NEW YORK - Dr. Jerry Klein is Chief Veterinary Officer of the American Kennel Club, and has nearly 40 years of experience in the veterinary field.
Fox5 went to Dr. Klein with common questions from dog owners, and here’s what he told us:
Q: Why does my dog get aggressive with other dogs?
A: Generally, inter-dog aggression is more of a problem between dogs of the SAME gender.
Inter-dog aggression occurs much more frequently in non-neutered male dogs but can also be seen in female dogs as well.
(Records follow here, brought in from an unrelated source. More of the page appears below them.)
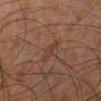<lesion>
  <biopsy_status>not biopsied; imaged during a skin examination</biopsy_status>
  <image>
    <source>total-body photography crop</source>
    <field_of_view_mm>15</field_of_view_mm>
  </image>
  <site>left lower leg</site>
  <patient>
    <sex>male</sex>
    <age_approx>70</age_approx>
  </patient>
</lesion>
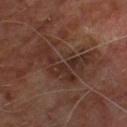Impression:
Imaged during a routine full-body skin examination; the lesion was not biopsied and no histopathology is available.
Image and clinical context:
A roughly 15 mm field-of-view crop from a total-body skin photograph. Captured under cross-polarized illumination. On the back. Measured at roughly 8 mm in maximum diameter. The subject is a male roughly 60 years of age.
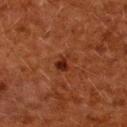• workup — no biopsy performed (imaged during a skin exam)
• anatomic site — the upper back
• lesion diameter — ≈2.5 mm
• acquisition — ~15 mm tile from a whole-body skin photo
• patient — female, aged around 50
• illumination — cross-polarized illumination
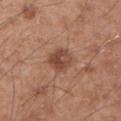The lesion was tiled from a total-body skin photograph and was not biopsied.
A male subject, aged approximately 55.
The recorded lesion diameter is about 3 mm.
This image is a 15 mm lesion crop taken from a total-body photograph.
The lesion is located on the arm.
Automated image analysis of the tile measured a shape-asymmetry score of about 0.15 (0 = symmetric). The software also gave a lesion color around L≈46 a*≈22 b*≈28 in CIELAB and a normalized border contrast of about 8.
Imaged with white-light lighting.
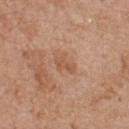{"patient": {"sex": "male", "age_approx": 80}, "lighting": "white-light", "image": {"source": "total-body photography crop", "field_of_view_mm": 15}, "site": "upper back", "automated_metrics": {"area_mm2_approx": 3.5, "shape_asymmetry": 0.45, "cielab_L": 55, "cielab_a": 22, "cielab_b": 33, "vs_skin_contrast_norm": 5.5, "nevus_likeness_0_100": 0, "lesion_detection_confidence_0_100": 100}, "lesion_size": {"long_diameter_mm_approx": 3.0}}
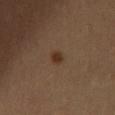{"biopsy_status": "not biopsied; imaged during a skin examination", "patient": {"sex": "female", "age_approx": 70}, "lesion_size": {"long_diameter_mm_approx": 2.0}, "image": {"source": "total-body photography crop", "field_of_view_mm": 15}, "site": "left thigh", "lighting": "cross-polarized"}
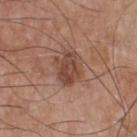This lesion was catalogued during total-body skin photography and was not selected for biopsy. The lesion is located on the chest. A lesion tile, about 15 mm wide, cut from a 3D total-body photograph. A male subject approximately 65 years of age. The tile uses white-light illumination.
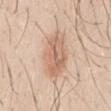| key | value |
|---|---|
| workup | total-body-photography surveillance lesion; no biopsy |
| size | about 6 mm |
| body site | the abdomen |
| acquisition | 15 mm crop, total-body photography |
| subject | male, aged 28–32 |
| lighting | white-light illumination |
| automated lesion analysis | a classifier nevus-likeness of about 70/100 |
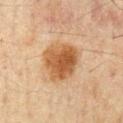Captured during whole-body skin photography for melanoma surveillance; the lesion was not biopsied. A 15 mm close-up extracted from a 3D total-body photography capture. Imaged with cross-polarized lighting. The patient is a male approximately 60 years of age.
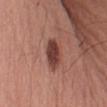Imaged during a routine full-body skin examination; the lesion was not biopsied and no histopathology is available. This is a white-light tile. The lesion is on the left forearm. A 15 mm crop from a total-body photograph taken for skin-cancer surveillance. A male patient aged around 60. The total-body-photography lesion software estimated a border-irregularity index near 2.5/10.
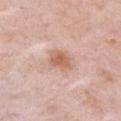{"biopsy_status": "not biopsied; imaged during a skin examination", "image": {"source": "total-body photography crop", "field_of_view_mm": 15}, "site": "chest", "lighting": "white-light", "automated_metrics": {"area_mm2_approx": 6.0, "eccentricity": 0.65, "shape_asymmetry": 0.2, "color_variation_0_10": 2.5, "peripheral_color_asymmetry": 0.5, "lesion_detection_confidence_0_100": 100}, "patient": {"sex": "female", "age_approx": 60}}
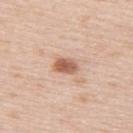The lesion was tiled from a total-body skin photograph and was not biopsied.
Measured at roughly 3 mm in maximum diameter.
A 15 mm crop from a total-body photograph taken for skin-cancer surveillance.
The patient is a female in their mid- to late 60s.
On the upper back.
Captured under white-light illumination.
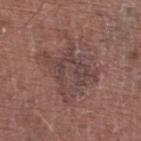biopsy_status: not biopsied; imaged during a skin examination
automated_metrics:
  border_irregularity_0_10: 7.5
  peripheral_color_asymmetry: 1.5
  nevus_likeness_0_100: 0
lesion_size:
  long_diameter_mm_approx: 7.5
patient:
  sex: male
  age_approx: 75
image:
  source: total-body photography crop
  field_of_view_mm: 15
lighting: white-light
site: leg
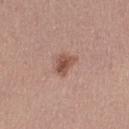A close-up tile cropped from a whole-body skin photograph, about 15 mm across. Imaged with white-light lighting. Located on the right thigh. A female subject approximately 45 years of age. About 2.5 mm across. The total-body-photography lesion software estimated border irregularity of about 3.5 on a 0–10 scale and internal color variation of about 4 on a 0–10 scale.
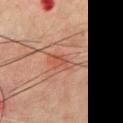The lesion was tiled from a total-body skin photograph and was not biopsied. Approximately 3 mm at its widest. This image is a 15 mm lesion crop taken from a total-body photograph. From the chest. A male subject, about 60 years old.
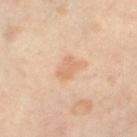No biopsy was performed on this lesion — it was imaged during a full skin examination and was not determined to be concerning.
Imaged with cross-polarized lighting.
The lesion is on the leg.
A lesion tile, about 15 mm wide, cut from a 3D total-body photograph.
A female patient approximately 50 years of age.
Approximately 2.5 mm at its widest.
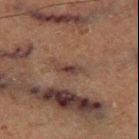The lesion was tiled from a total-body skin photograph and was not biopsied.
A roughly 15 mm field-of-view crop from a total-body skin photograph.
A male patient, in their mid-70s.
On the right thigh.
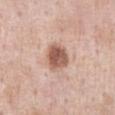The lesion was tiled from a total-body skin photograph and was not biopsied. A male subject, roughly 55 years of age. The lesion-visualizer software estimated an average lesion color of about L≈57 a*≈21 b*≈28 (CIELAB) and a normalized lesion–skin contrast near 10. The analysis additionally found a border-irregularity index near 2/10 and radial color variation of about 1.5. Located on the chest. A 15 mm crop from a total-body photograph taken for skin-cancer surveillance.
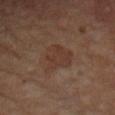About 4 mm across.
A female patient, aged 68–72.
Imaged with cross-polarized lighting.
Located on the left forearm.
A 15 mm crop from a total-body photograph taken for skin-cancer surveillance.
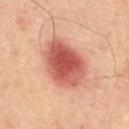This lesion was catalogued during total-body skin photography and was not selected for biopsy.
The lesion is on the chest.
A male patient, aged approximately 65.
The tile uses cross-polarized illumination.
Cropped from a total-body skin-imaging series; the visible field is about 15 mm.
Automated image analysis of the tile measured a lesion–skin lightness drop of about 13. The analysis additionally found border irregularity of about 1.5 on a 0–10 scale, internal color variation of about 5 on a 0–10 scale, and a peripheral color-asymmetry measure near 1.5.
The lesion's longest dimension is about 6.5 mm.
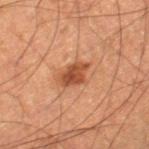| feature | finding |
|---|---|
| notes | imaged on a skin check; not biopsied |
| automated metrics | a footprint of about 5.5 mm², an eccentricity of roughly 0.75, and a shape-asymmetry score of about 0.25 (0 = symmetric); an average lesion color of about L≈45 a*≈26 b*≈34 (CIELAB), about 13 CIELAB-L* units darker than the surrounding skin, and a normalized border contrast of about 9.5; border irregularity of about 2.5 on a 0–10 scale and a peripheral color-asymmetry measure near 1; a classifier nevus-likeness of about 85/100 and a lesion-detection confidence of about 100/100 |
| patient | male, aged 58 to 62 |
| imaging modality | total-body-photography crop, ~15 mm field of view |
| anatomic site | the right thigh |
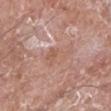{
  "biopsy_status": "not biopsied; imaged during a skin examination",
  "automated_metrics": {
    "area_mm2_approx": 5.0,
    "eccentricity": 0.8,
    "shape_asymmetry": 0.55,
    "cielab_L": 57,
    "cielab_a": 21,
    "cielab_b": 28,
    "vs_skin_contrast_norm": 4.5,
    "border_irregularity_0_10": 6.0,
    "color_variation_0_10": 3.0
  },
  "image": {
    "source": "total-body photography crop",
    "field_of_view_mm": 15
  },
  "site": "right lower leg",
  "patient": {
    "sex": "male",
    "age_approx": 60
  },
  "lesion_size": {
    "long_diameter_mm_approx": 3.5
  }
}
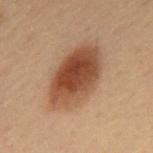Assessment:
The lesion was photographed on a routine skin check and not biopsied; there is no pathology result.
Clinical summary:
Captured under cross-polarized illumination. From the mid back. This image is a 15 mm lesion crop taken from a total-body photograph. A male patient in their mid- to late 50s.
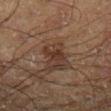Case summary:
* biopsy status · imaged on a skin check; not biopsied
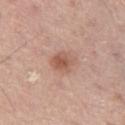biopsy status=imaged on a skin check; not biopsied | patient=male, approximately 55 years of age | image=15 mm crop, total-body photography | site=the left thigh | automated lesion analysis=an average lesion color of about L≈56 a*≈22 b*≈29 (CIELAB), a lesion–skin lightness drop of about 10, and a normalized border contrast of about 7; internal color variation of about 3 on a 0–10 scale and peripheral color asymmetry of about 1; lesion-presence confidence of about 100/100 | illumination=white-light illumination.
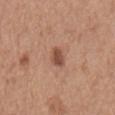Notes:
– biopsy status — total-body-photography surveillance lesion; no biopsy
– lesion diameter — about 3 mm
– anatomic site — the mid back
– tile lighting — white-light illumination
– patient — male, roughly 65 years of age
– imaging modality — ~15 mm tile from a whole-body skin photo
– image-analysis metrics — an area of roughly 4 mm² and an eccentricity of roughly 0.7
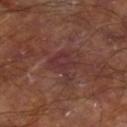Captured during whole-body skin photography for melanoma surveillance; the lesion was not biopsied. A male patient aged 58 to 62. Longest diameter approximately 3.5 mm. The total-body-photography lesion software estimated a footprint of about 7 mm², an eccentricity of roughly 0.55, and a shape-asymmetry score of about 0.5 (0 = symmetric). It also reported a border-irregularity rating of about 6/10, a color-variation rating of about 2.5/10, and radial color variation of about 1. The software also gave a nevus-likeness score of about 0/100 and lesion-presence confidence of about 85/100. This is a cross-polarized tile. The lesion is on the right lower leg. Cropped from a whole-body photographic skin survey; the tile spans about 15 mm.
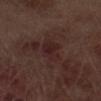The lesion was tiled from a total-body skin photograph and was not biopsied. About 4 mm across. From the leg. Captured under white-light illumination. A male patient about 70 years old. A lesion tile, about 15 mm wide, cut from a 3D total-body photograph.
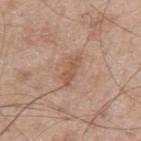| field | value |
|---|---|
| biopsy status | no biopsy performed (imaged during a skin exam) |
| tile lighting | white-light illumination |
| anatomic site | the arm |
| acquisition | ~15 mm tile from a whole-body skin photo |
| patient | male, approximately 65 years of age |
| size | ≈3.5 mm |
| image-analysis metrics | border irregularity of about 4.5 on a 0–10 scale, a color-variation rating of about 2/10, and peripheral color asymmetry of about 0.5 |
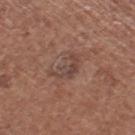{
  "biopsy_status": "not biopsied; imaged during a skin examination",
  "patient": {
    "sex": "female",
    "age_approx": 50
  },
  "lesion_size": {
    "long_diameter_mm_approx": 4.5
  },
  "lighting": "white-light",
  "site": "leg",
  "automated_metrics": {
    "eccentricity": 0.85,
    "vs_skin_contrast_norm": 5.5
  },
  "image": {
    "source": "total-body photography crop",
    "field_of_view_mm": 15
  }
}
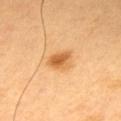Imaged during a routine full-body skin examination; the lesion was not biopsied and no histopathology is available. Captured under cross-polarized illumination. A lesion tile, about 15 mm wide, cut from a 3D total-body photograph. The patient is a male roughly 50 years of age. Located on the upper back. Automated image analysis of the tile measured an outline eccentricity of about 0.8 (0 = round, 1 = elongated). The software also gave a border-irregularity rating of about 2/10 and a within-lesion color-variation index near 5/10. The analysis additionally found a classifier nevus-likeness of about 100/100 and lesion-presence confidence of about 100/100.
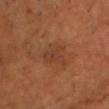Q: Is there a histopathology result?
A: imaged on a skin check; not biopsied
Q: Where on the body is the lesion?
A: the chest
Q: Illumination type?
A: cross-polarized illumination
Q: What did automated image analysis measure?
A: a nevus-likeness score of about 0/100 and a lesion-detection confidence of about 100/100
Q: How large is the lesion?
A: about 3.5 mm
Q: Who is the patient?
A: male, in their mid-60s
Q: What is the imaging modality?
A: 15 mm crop, total-body photography
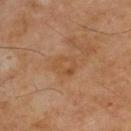  biopsy_status: not biopsied; imaged during a skin examination
  patient:
    sex: male
    age_approx: 55
  site: upper back
  image:
    source: total-body photography crop
    field_of_view_mm: 15
  lesion_size:
    long_diameter_mm_approx: 3.0
  lighting: cross-polarized
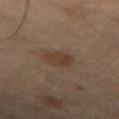Clinical impression:
The lesion was photographed on a routine skin check and not biopsied; there is no pathology result.
Acquisition and patient details:
Measured at roughly 3.5 mm in maximum diameter. A region of skin cropped from a whole-body photographic capture, roughly 15 mm wide. The lesion-visualizer software estimated a border-irregularity index near 2.5/10. Imaged with cross-polarized lighting. The subject is a male aged 68–72. The lesion is on the abdomen.
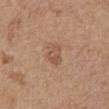workup: imaged on a skin check; not biopsied
lesion size: ≈3 mm
image source: total-body-photography crop, ~15 mm field of view
location: the front of the torso
patient: female, aged 63–67
tile lighting: white-light
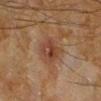Q: Was a biopsy performed?
A: no biopsy performed (imaged during a skin exam)
Q: How was this image acquired?
A: ~15 mm tile from a whole-body skin photo
Q: Lesion location?
A: the leg
Q: Patient demographics?
A: male, aged 63–67
Q: What did automated image analysis measure?
A: an area of roughly 9.5 mm², an outline eccentricity of about 0.45 (0 = round, 1 = elongated), and a shape-asymmetry score of about 0.2 (0 = symmetric)
Q: How large is the lesion?
A: about 4 mm
Q: How was the tile lit?
A: cross-polarized illumination
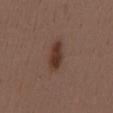The lesion is located on the mid back. The patient is a male in their 40s. A roughly 15 mm field-of-view crop from a total-body skin photograph. Automated image analysis of the tile measured an average lesion color of about L≈35 a*≈18 b*≈24 (CIELAB), roughly 10 lightness units darker than nearby skin, and a normalized lesion–skin contrast near 9. And it measured a nevus-likeness score of about 100/100 and a lesion-detection confidence of about 100/100.
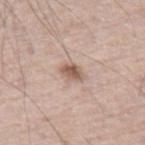Q: Was a biopsy performed?
A: imaged on a skin check; not biopsied
Q: Lesion location?
A: the left thigh
Q: How was the tile lit?
A: white-light illumination
Q: Automated lesion metrics?
A: a footprint of about 4 mm², an outline eccentricity of about 0.75 (0 = round, 1 = elongated), and a shape-asymmetry score of about 0.2 (0 = symmetric); a mean CIELAB color near L≈57 a*≈18 b*≈26, a lesion–skin lightness drop of about 13, and a normalized border contrast of about 8.5; border irregularity of about 2 on a 0–10 scale, internal color variation of about 3.5 on a 0–10 scale, and peripheral color asymmetry of about 1.5
Q: Who is the patient?
A: male, aged 68–72
Q: What kind of image is this?
A: ~15 mm tile from a whole-body skin photo
Q: How large is the lesion?
A: ≈2.5 mm
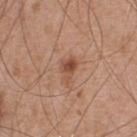Captured during whole-body skin photography for melanoma surveillance; the lesion was not biopsied. A male subject, about 55 years old. Located on the chest. This image is a 15 mm lesion crop taken from a total-body photograph. Longest diameter approximately 3 mm. Imaged with white-light lighting.
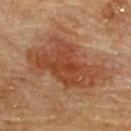| key | value |
|---|---|
| follow-up | catalogued during a skin exam; not biopsied |
| patient | male, aged approximately 85 or older |
| size | ≈9.5 mm |
| location | the back |
| acquisition | total-body-photography crop, ~15 mm field of view |
| tile lighting | cross-polarized |
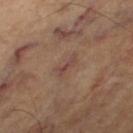Part of a total-body skin-imaging series; this lesion was reviewed on a skin check and was not flagged for biopsy. A subject aged 63–67. A lesion tile, about 15 mm wide, cut from a 3D total-body photograph. The lesion is on the right thigh.
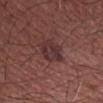biopsy_status: not biopsied; imaged during a skin examination
site: arm
lighting: white-light
lesion_size:
  long_diameter_mm_approx: 3.5
patient:
  sex: male
  age_approx: 70
image:
  source: total-body photography crop
  field_of_view_mm: 15
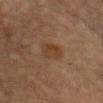The lesion was photographed on a routine skin check and not biopsied; there is no pathology result.
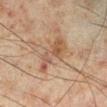notes=no biopsy performed (imaged during a skin exam)
image=~15 mm crop, total-body skin-cancer survey
patient=male, in their mid- to late 40s
body site=the right lower leg
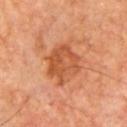follow-up: total-body-photography surveillance lesion; no biopsy | image-analysis metrics: roughly 9 lightness units darker than nearby skin and a lesion-to-skin contrast of about 7 (normalized; higher = more distinct); a classifier nevus-likeness of about 10/100 and a detector confidence of about 100 out of 100 that the crop contains a lesion | acquisition: ~15 mm tile from a whole-body skin photo | illumination: cross-polarized | size: about 4 mm | location: the front of the torso | patient: male, aged around 65.
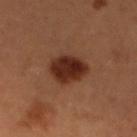Part of a total-body skin-imaging series; this lesion was reviewed on a skin check and was not flagged for biopsy. The subject is a female roughly 45 years of age. A close-up tile cropped from a whole-body skin photograph, about 15 mm across. Located on the leg.
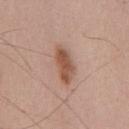Q: Was a biopsy performed?
A: total-body-photography surveillance lesion; no biopsy
Q: Automated lesion metrics?
A: a lesion area of about 8 mm² and a symmetry-axis asymmetry near 0.25; a classifier nevus-likeness of about 95/100 and a lesion-detection confidence of about 100/100
Q: Illumination type?
A: white-light
Q: Patient demographics?
A: male, aged 63–67
Q: What is the imaging modality?
A: ~15 mm crop, total-body skin-cancer survey
Q: What is the anatomic site?
A: the chest
Q: How large is the lesion?
A: ~5 mm (longest diameter)
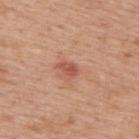Impression: This lesion was catalogued during total-body skin photography and was not selected for biopsy. Image and clinical context: The recorded lesion diameter is about 2.5 mm. This is a white-light tile. A male subject, aged 73–77. Located on the back. A 15 mm close-up extracted from a 3D total-body photography capture.
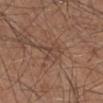notes: no biopsy performed (imaged during a skin exam)
lesion diameter: about 4 mm
image source: ~15 mm crop, total-body skin-cancer survey
patient: male, in their mid- to late 70s
illumination: white-light
automated lesion analysis: a footprint of about 7 mm², an outline eccentricity of about 0.75 (0 = round, 1 = elongated), and a shape-asymmetry score of about 0.35 (0 = symmetric); a mean CIELAB color near L≈44 a*≈17 b*≈26 and a lesion-to-skin contrast of about 4.5 (normalized; higher = more distinct); border irregularity of about 4 on a 0–10 scale, a color-variation rating of about 3/10, and a peripheral color-asymmetry measure near 1; an automated nevus-likeness rating near 0 out of 100 and a detector confidence of about 55 out of 100 that the crop contains a lesion
site: the right lower leg
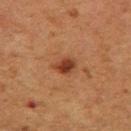Assessment: This lesion was catalogued during total-body skin photography and was not selected for biopsy. Context: The lesion is located on the leg. Measured at roughly 2.5 mm in maximum diameter. A lesion tile, about 15 mm wide, cut from a 3D total-body photograph. The subject is a female in their 50s.

Signs usually start appearing when the dog reaches puberty (between six and nine months old) or becomes socially mature at 18 to 36 months.
The causes of dog aggression can vary. A dog may have become overly aggressive because of its past experiences, such as past abuse, poor socialization at formative stages, neglect with other dogs as a puppy, or it may have had a traumatic encounter with another dog. Fear and insecurity can also manifest into aggressive behavior as well. Protecting territory and social status, or sometimes, a painful medical condition can all possibly cause a dog to act aggressively. Finally, an owner's behavior (consciously or subconsciously) may also influence a manifestation of aggression.
Due to the various causes and the potentially dangerous results of aggression, it is always recommended to discuss temperament issues with a veterinarian right away. If needed, a certified veterinarian behavioralist may be indicated.